* [SUPPLIED DATA]:
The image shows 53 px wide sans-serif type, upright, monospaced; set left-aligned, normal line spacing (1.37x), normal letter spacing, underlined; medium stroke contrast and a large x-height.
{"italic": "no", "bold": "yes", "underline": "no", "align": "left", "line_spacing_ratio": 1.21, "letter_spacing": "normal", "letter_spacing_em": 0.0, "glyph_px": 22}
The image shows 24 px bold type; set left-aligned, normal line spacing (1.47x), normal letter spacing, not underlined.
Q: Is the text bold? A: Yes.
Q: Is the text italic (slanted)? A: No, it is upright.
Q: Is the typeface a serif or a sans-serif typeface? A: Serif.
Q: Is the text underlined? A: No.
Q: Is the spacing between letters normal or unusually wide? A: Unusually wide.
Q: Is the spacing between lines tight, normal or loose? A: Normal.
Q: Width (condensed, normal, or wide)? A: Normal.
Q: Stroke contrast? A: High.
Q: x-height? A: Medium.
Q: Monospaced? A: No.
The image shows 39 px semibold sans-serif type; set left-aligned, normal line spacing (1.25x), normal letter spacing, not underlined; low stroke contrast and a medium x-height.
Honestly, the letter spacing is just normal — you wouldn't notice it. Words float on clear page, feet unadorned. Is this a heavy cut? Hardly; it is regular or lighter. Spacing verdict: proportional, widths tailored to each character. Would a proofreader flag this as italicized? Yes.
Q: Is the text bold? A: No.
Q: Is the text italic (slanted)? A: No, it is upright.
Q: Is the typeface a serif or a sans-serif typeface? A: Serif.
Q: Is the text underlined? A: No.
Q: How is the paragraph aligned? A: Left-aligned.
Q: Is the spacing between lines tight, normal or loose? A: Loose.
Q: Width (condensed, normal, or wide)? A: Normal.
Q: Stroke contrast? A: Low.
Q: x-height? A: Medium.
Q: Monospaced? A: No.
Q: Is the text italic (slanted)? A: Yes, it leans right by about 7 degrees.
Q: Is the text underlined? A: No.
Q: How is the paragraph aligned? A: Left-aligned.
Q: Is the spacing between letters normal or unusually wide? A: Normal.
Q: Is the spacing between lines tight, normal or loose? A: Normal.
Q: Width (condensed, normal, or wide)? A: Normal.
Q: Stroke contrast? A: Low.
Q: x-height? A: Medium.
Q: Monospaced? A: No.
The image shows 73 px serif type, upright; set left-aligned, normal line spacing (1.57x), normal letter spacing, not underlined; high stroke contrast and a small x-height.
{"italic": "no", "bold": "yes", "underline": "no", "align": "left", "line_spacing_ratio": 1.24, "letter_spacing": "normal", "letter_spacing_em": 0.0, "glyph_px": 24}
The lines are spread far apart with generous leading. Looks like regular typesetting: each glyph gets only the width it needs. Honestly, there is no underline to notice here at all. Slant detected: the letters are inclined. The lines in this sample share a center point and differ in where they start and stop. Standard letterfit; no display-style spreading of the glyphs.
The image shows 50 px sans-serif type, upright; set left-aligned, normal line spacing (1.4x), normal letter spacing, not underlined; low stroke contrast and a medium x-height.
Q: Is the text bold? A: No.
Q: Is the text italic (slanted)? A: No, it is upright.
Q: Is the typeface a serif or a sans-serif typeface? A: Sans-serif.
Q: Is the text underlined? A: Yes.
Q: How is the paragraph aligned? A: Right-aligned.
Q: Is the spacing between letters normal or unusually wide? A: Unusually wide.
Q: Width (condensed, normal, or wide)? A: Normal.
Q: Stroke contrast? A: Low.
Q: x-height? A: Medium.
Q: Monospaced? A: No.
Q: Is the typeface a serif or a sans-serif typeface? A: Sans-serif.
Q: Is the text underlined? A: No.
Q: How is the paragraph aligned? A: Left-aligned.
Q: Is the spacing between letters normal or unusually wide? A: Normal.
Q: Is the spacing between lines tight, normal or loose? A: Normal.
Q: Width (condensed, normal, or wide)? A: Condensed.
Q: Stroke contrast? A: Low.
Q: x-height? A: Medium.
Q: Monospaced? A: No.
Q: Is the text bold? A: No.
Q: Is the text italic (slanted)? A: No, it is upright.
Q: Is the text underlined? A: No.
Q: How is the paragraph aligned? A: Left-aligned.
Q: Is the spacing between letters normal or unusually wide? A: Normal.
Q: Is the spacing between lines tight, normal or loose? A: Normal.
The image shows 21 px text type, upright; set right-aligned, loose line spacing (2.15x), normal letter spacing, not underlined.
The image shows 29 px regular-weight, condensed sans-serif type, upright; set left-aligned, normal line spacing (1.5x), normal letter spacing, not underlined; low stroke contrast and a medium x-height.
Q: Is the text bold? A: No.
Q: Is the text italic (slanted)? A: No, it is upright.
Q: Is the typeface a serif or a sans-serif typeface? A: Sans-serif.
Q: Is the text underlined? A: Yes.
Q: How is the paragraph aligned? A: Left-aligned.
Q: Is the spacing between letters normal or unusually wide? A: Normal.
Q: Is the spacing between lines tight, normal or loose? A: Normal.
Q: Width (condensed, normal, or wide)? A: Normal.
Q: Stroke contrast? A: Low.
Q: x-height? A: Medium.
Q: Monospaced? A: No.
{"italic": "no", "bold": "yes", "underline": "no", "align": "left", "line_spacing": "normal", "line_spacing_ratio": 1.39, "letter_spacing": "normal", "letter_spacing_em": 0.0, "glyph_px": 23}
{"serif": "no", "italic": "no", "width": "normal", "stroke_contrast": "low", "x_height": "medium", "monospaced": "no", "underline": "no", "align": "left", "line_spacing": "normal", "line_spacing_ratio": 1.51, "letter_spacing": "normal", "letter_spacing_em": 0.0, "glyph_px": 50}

* [TASK STATEMENT]: Transcribe the records above exactly, keeping every line.

* [EXERCISE RESULT]:
The image shows 53 px wide sans-serif type, upright, monospaced; set left-aligned, normal line spacing (1.37x), normal letter spacing, underlined; medium stroke contrast and a large x-height.
{"italic": "no", "bold": "yes", "underline": "no", "align": "left", "line_spacing_ratio": 1.21, "letter_spacing": "normal", "letter_spacing_em": 0.0, "glyph_px": 22}
The image shows 24 px bold type; set left-aligned, normal line spacing (1.47x), normal letter spacing, not underlined.
Q: Is the text bold? A: Yes.
Q: Is the text italic (slanted)? A: No, it is upright.
Q: Is the typeface a serif or a sans-serif typeface? A: Serif.
Q: Is the text underlined? A: No.
Q: Is the spacing between letters normal or unusually wide? A: Unusually wide.
Q: Is the spacing between lines tight, normal or loose? A: Normal.
Q: Width (condensed, normal, or wide)? A: Normal.
Q: Stroke contrast? A: High.
Q: x-height? A: Medium.
Q: Monospaced? A: No.
The image shows 39 px semibold sans-serif type; set left-aligned, normal line spacing (1.25x), normal letter spacing, not underlined; low stroke contrast and a medium x-height.
Honestly, the letter spacing is just normal — you wouldn't notice it. Words float on clear page, feet unadorned. Is this a heavy cut? Hardly; it is regular or lighter. Spacing verdict: proportional, widths tailored to each character. Would a proofreader flag this as italicized? Yes.
Q: Is the text bold? A: No.
Q: Is the text italic (slanted)? A: No, it is upright.
Q: Is the typeface a serif or a sans-serif typeface? A: Serif.
Q: Is the text underlined? A: No.
Q: How is the paragraph aligned? A: Left-aligned.
Q: Is the spacing between lines tight, normal or loose? A: Loose.
Q: Width (condensed, normal, or wide)? A: Normal.
Q: Stroke contrast? A: Low.
Q: x-height? A: Medium.
Q: Monospaced? A: No.
Q: Is the text italic (slanted)? A: Yes, it leans right by about 7 degrees.
Q: Is the text underlined? A: No.
Q: How is the paragraph aligned? A: Left-aligned.
Q: Is the spacing between letters normal or unusually wide? A: Normal.
Q: Is the spacing between lines tight, normal or loose? A: Normal.
Q: Width (condensed, normal, or wide)? A: Normal.
Q: Stroke contrast? A: Low.
Q: x-height? A: Medium.
Q: Monospaced? A: No.
The image shows 73 px serif type, upright; set left-aligned, normal line spacing (1.57x), normal letter spacing, not underlined; high stroke contrast and a small x-height.
{"italic": "no", "bold": "yes", "underline": "no", "align": "left", "line_spacing_ratio": 1.24, "letter_spacing": "normal", "letter_spacing_em": 0.0, "glyph_px": 24}
The lines are spread far apart with generous leading. Looks like regular typesetting: each glyph gets only the width it needs. Honestly, there is no underline to notice here at all. Slant detected: the letters are inclined. The lines in this sample share a center point and differ in where they start and stop. Standard letterfit; no display-style spreading of the glyphs.
The image shows 50 px sans-serif type, upright; set left-aligned, normal line spacing (1.4x), normal letter spacing, not underlined; low stroke contrast and a medium x-height.
Q: Is the text bold? A: No.
Q: Is the text italic (slanted)? A: No, it is upright.
Q: Is the typeface a serif or a sans-serif typeface? A: Sans-serif.
Q: Is the text underlined? A: Yes.
Q: How is the paragraph aligned? A: Right-aligned.
Q: Is the spacing between letters normal or unusually wide? A: Unusually wide.
Q: Width (condensed, normal, or wide)? A: Normal.
Q: Stroke contrast? A: Low.
Q: x-height? A: Medium.
Q: Monospaced? A: No.
Q: Is the typeface a serif or a sans-serif typeface? A: Sans-serif.
Q: Is the text underlined? A: No.
Q: How is the paragraph aligned? A: Left-aligned.
Q: Is the spacing between letters normal or unusually wide? A: Normal.
Q: Is the spacing between lines tight, normal or loose? A: Normal.
Q: Width (condensed, normal, or wide)? A: Condensed.
Q: Stroke contrast? A: Low.
Q: x-height? A: Medium.
Q: Monospaced? A: No.
Q: Is the text bold? A: No.
Q: Is the text italic (slanted)? A: No, it is upright.
Q: Is the text underlined? A: No.
Q: How is the paragraph aligned? A: Left-aligned.
Q: Is the spacing between letters normal or unusually wide? A: Normal.
Q: Is the spacing between lines tight, normal or loose? A: Normal.
The image shows 21 px text type, upright; set right-aligned, loose line spacing (2.15x), normal letter spacing, not underlined.
The image shows 29 px regular-weight, condensed sans-serif type, upright; set left-aligned, normal line spacing (1.5x), normal letter spacing, not underlined; low stroke contrast and a medium x-height.
Q: Is the text bold? A: No.
Q: Is the text italic (slanted)? A: No, it is upright.
Q: Is the typeface a serif or a sans-serif typeface? A: Sans-serif.
Q: Is the text underlined? A: Yes.
Q: How is the paragraph aligned? A: Left-aligned.
Q: Is the spacing between letters normal or unusually wide? A: Normal.
Q: Is the spacing between lines tight, normal or loose? A: Normal.
Q: Width (condensed, normal, or wide)? A: Normal.
Q: Stroke contrast? A: Low.
Q: x-height? A: Medium.
Q: Monospaced? A: No.
{"italic": "no", "bold": "yes", "underline": "no", "align": "left", "line_spacing": "normal", "line_spacing_ratio": 1.39, "letter_spacing": "normal", "letter_spacing_em": 0.0, "glyph_px": 23}
{"serif": "no", "italic": "no", "width": "normal", "stroke_contrast": "low", "x_height": "medium", "monospaced": "no", "underline": "no", "align": "left", "line_spacing": "normal", "line_spacing_ratio": 1.51, "letter_spacing": "normal", "letter_spacing_em": 0.0, "glyph_px": 50}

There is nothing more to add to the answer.